CADmium — Mila (Dec 2025). Fine-tuned Qwen2.5-Coder on minimal-JSON CAD histories. Code LLMs naturally handle structured CAD formats.
Li et al. — CAD-Llama (CVPR 2025). 99.9% unconditional generation success. 0.966 command type accuracy on structured CAD code.
GeoGramBench (NeurIPS 2025 submission). 500 problems testing Program-to-Geometry translation. <50% at highest abstraction, >80% on local primitives.
Ma et al. — 3DSRBench (2024). 2,762 3D spatial reasoning questions across 12 subtypes. SOTA LMMs show degraded performance on uncommon viewpoints.
SpatialVLM — Google (2024). 2B VQA examples on 10M images. Proved synthetic data generation unlocks metric-scale spatial reasoning.
SpatialLLM (CVPR 2025). 3D-informed multimodal alignment. SOTA on 3DSRBench. Finding: fine-tuning CLIP with 3D data hurts generalization.
cadrille (ICLR 2026). First unified multimodal CAD reconstruction. RL fine-tuning on procedural data outperforms SFT on handcrafted datasets.
IJCAI 2025 Survey. Comprehensive taxonomy of spatial reasoning approaches (image-based, point cloud-based, hybrid).
Point2CAD / Point2Sequence.

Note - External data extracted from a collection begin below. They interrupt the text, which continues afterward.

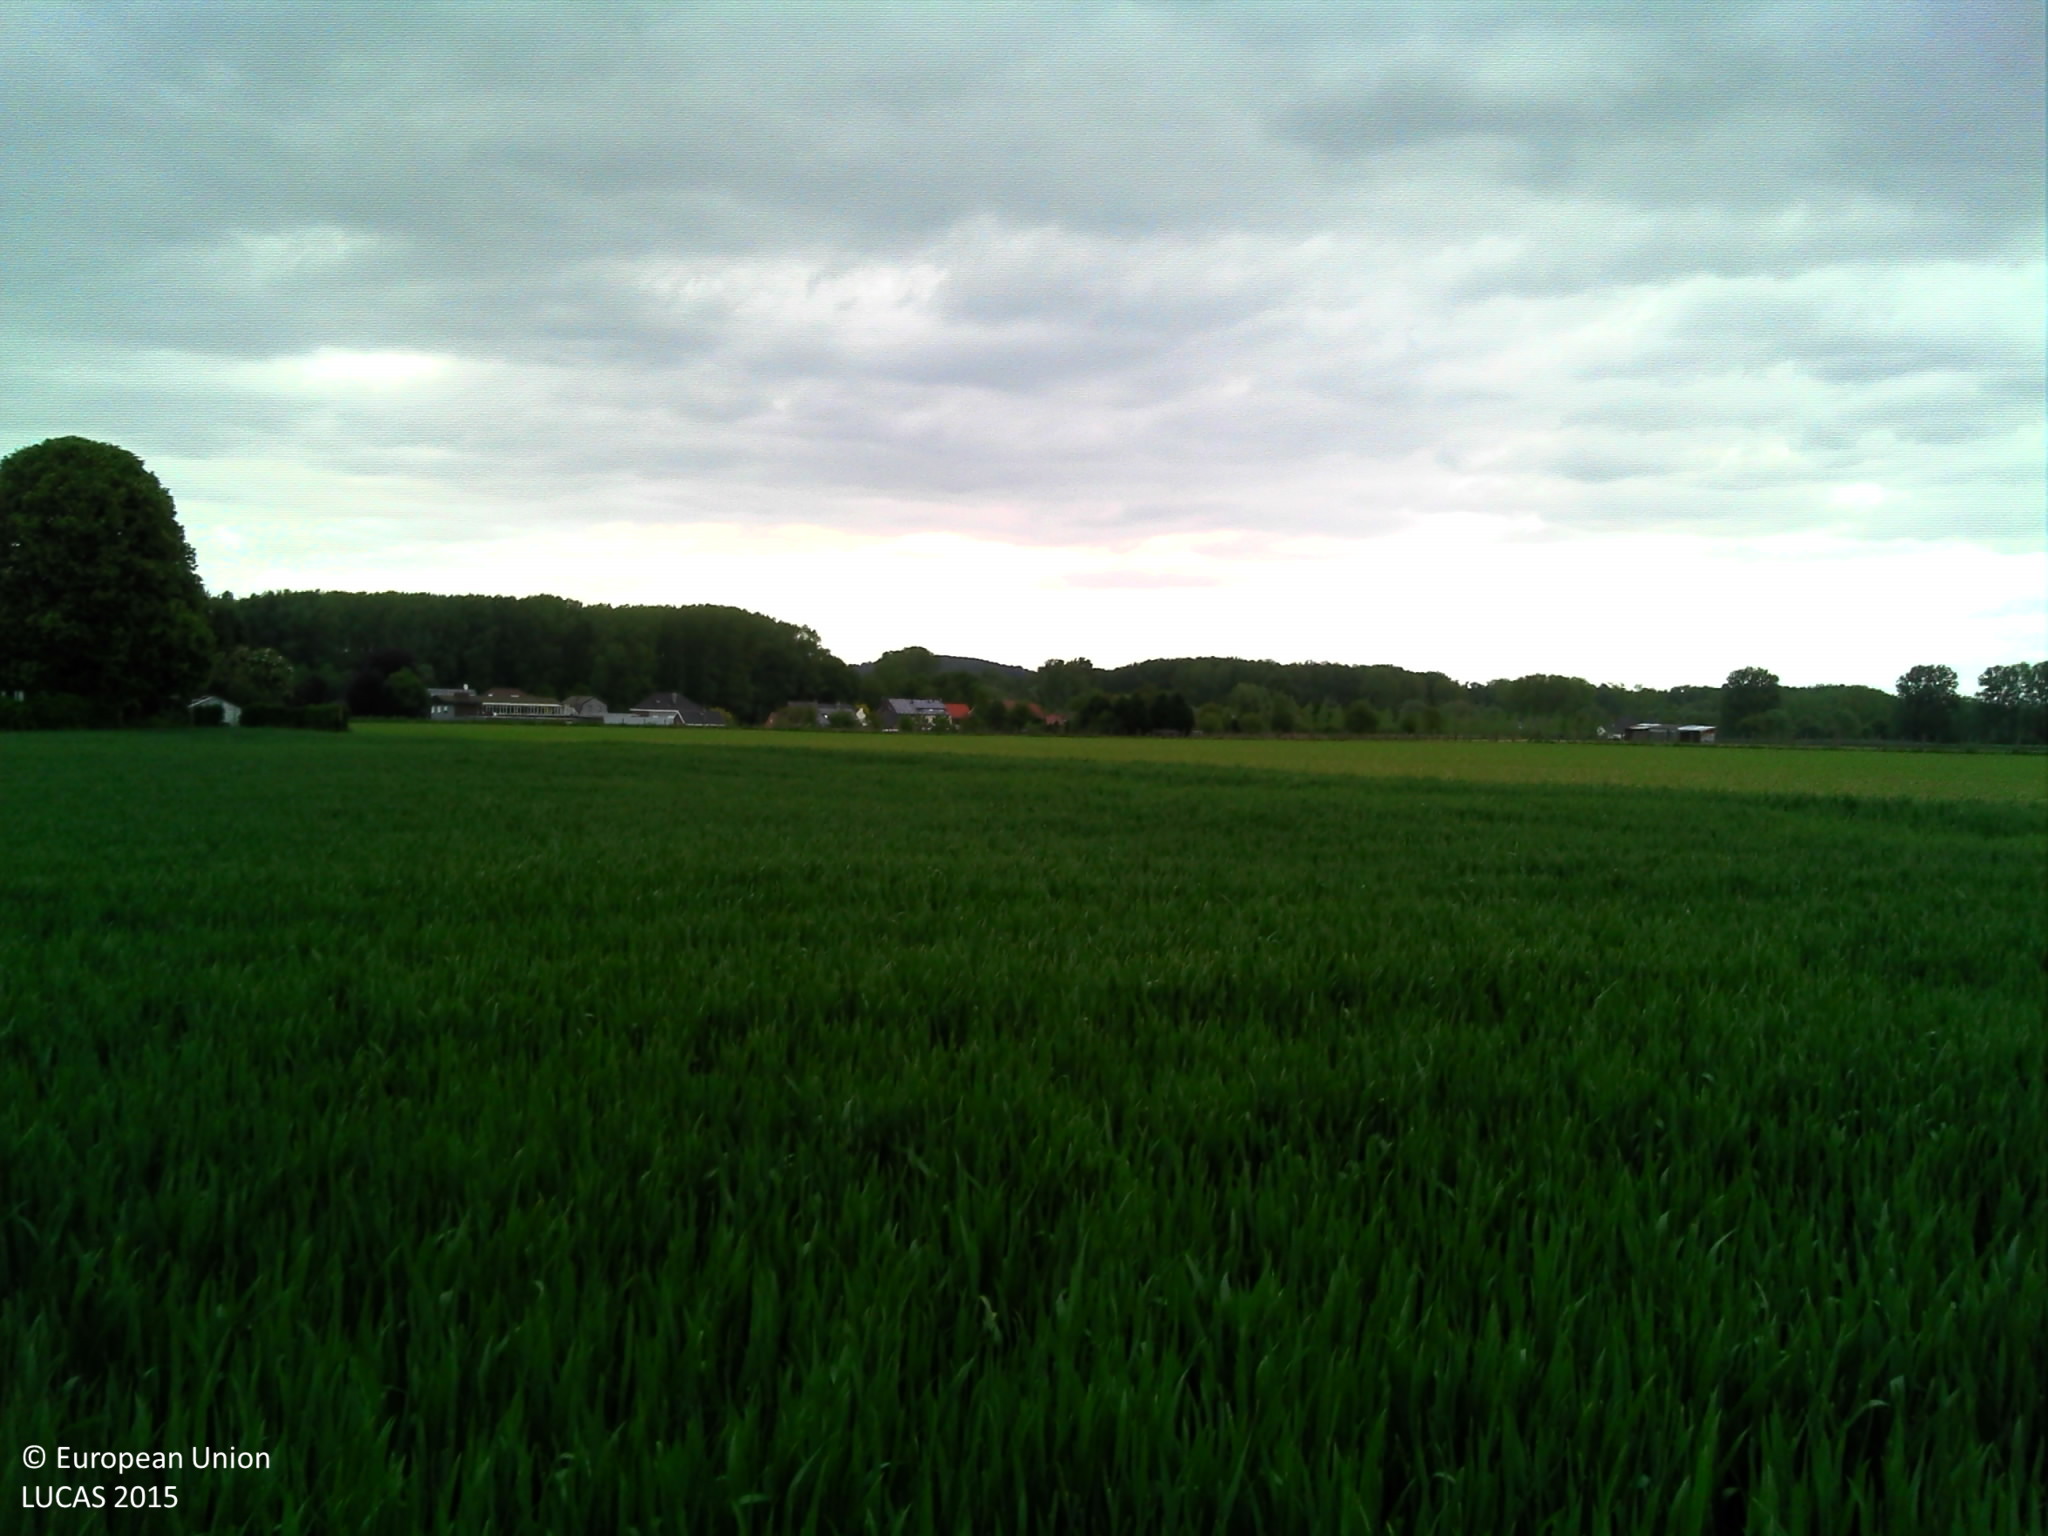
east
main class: Grassland
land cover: Grassland without tree/shrub cover
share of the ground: > 75 %
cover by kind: herbaceous plants 95 %, shrubs 5 %
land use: Residential
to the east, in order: Grassland without tree/shrub cover; Managed hedges; Common wheat; Maize; Fences; Grassland without tree/shrub cover; Fences; Grassland without tree/shrub cover; Fences
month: May
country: BE
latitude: 50.7460
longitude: 3.9708
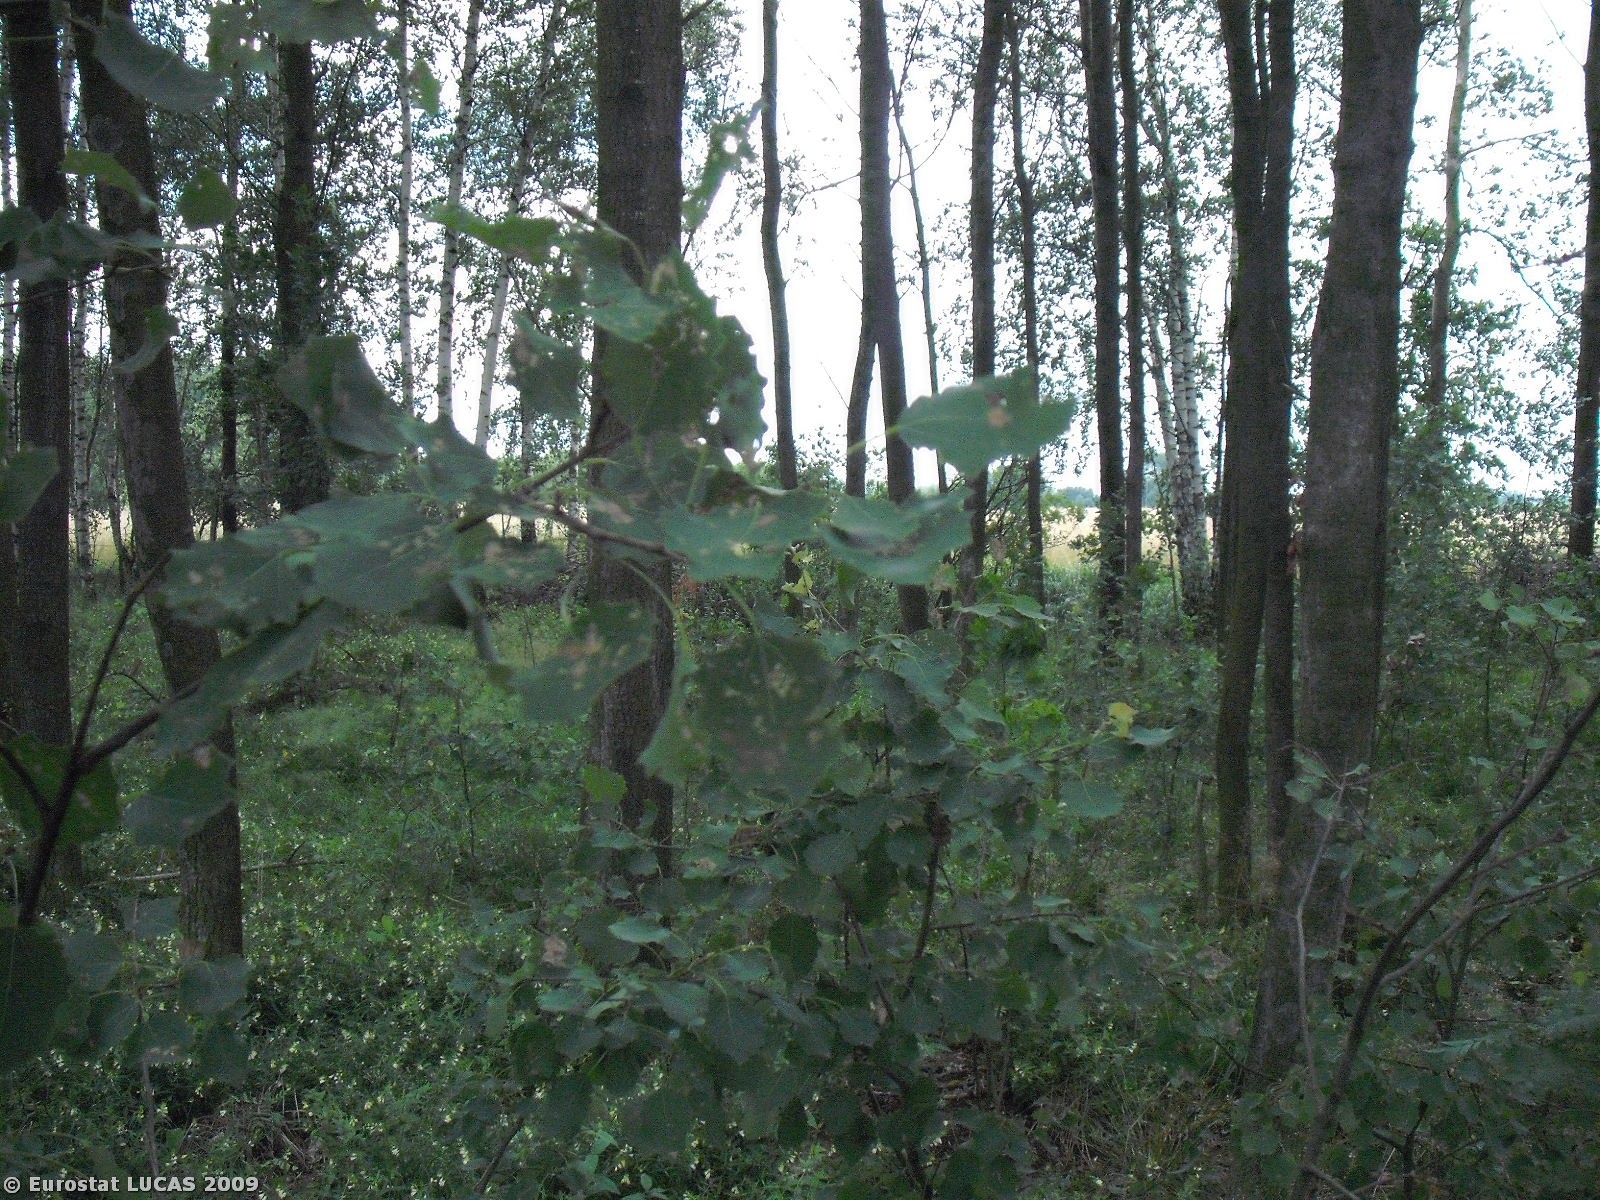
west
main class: Woodland
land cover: Broadleaved woodland
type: mesophytic deciduous forest
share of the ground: > 75 %
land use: Forestry
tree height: > 5 m
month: July
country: PL
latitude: 51.4973
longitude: 20.6564
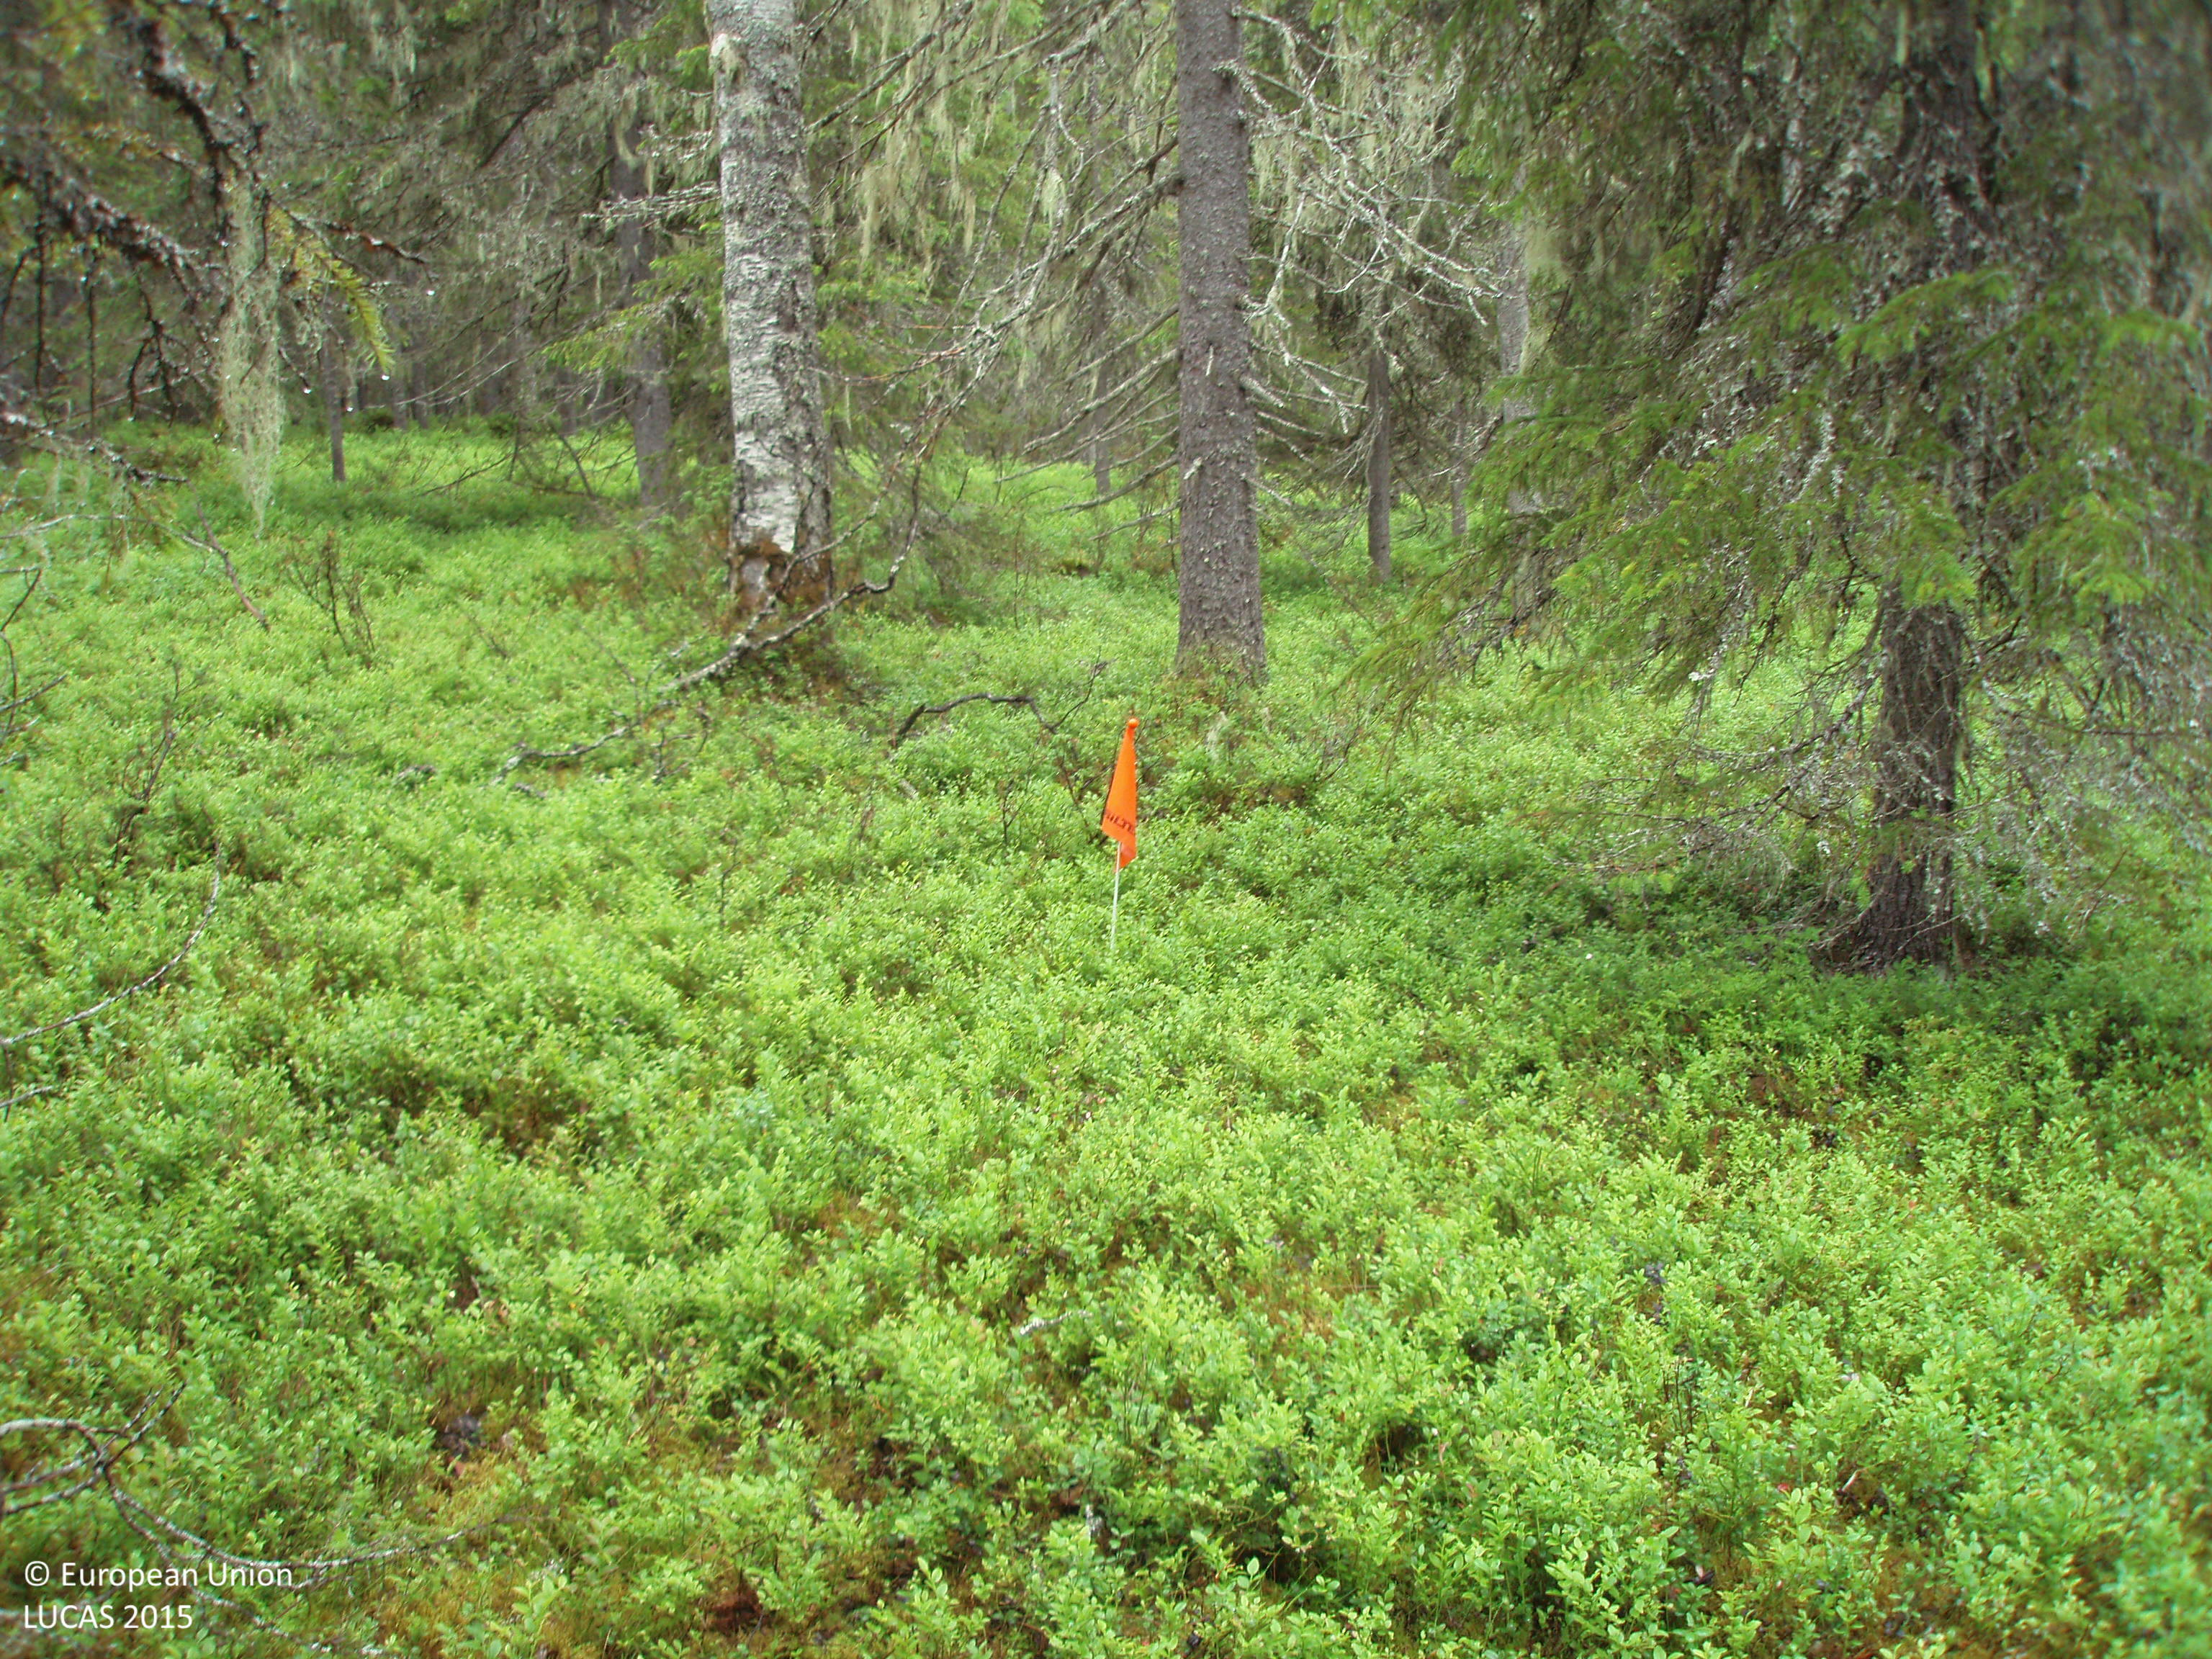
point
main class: Woodland
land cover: Spruce dominated coniferous woodland
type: boreal forest
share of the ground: > 75 %
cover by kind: coniferous forest trees 75 %, shrubs 25 %
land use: Forestry
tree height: > 5 m
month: August
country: FI
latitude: 65.6226
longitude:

Reconstructs B-rep CAD from point clouds by predicting sketch+extrude sequences. Mesh → point cloud → parametric CAD pipeline.
BrepGen (2024). Generates B-rep CAD directly including topology (faces, edges, vertices with NURBS parameters). Candidate target representation for CAD encoder output.
Xu et al. — CAD-MLLM (2024). Unified encoder for text, multi-view images, and 3D point clouds. Frozen vision/point encoders with trainable linear projections into LLM.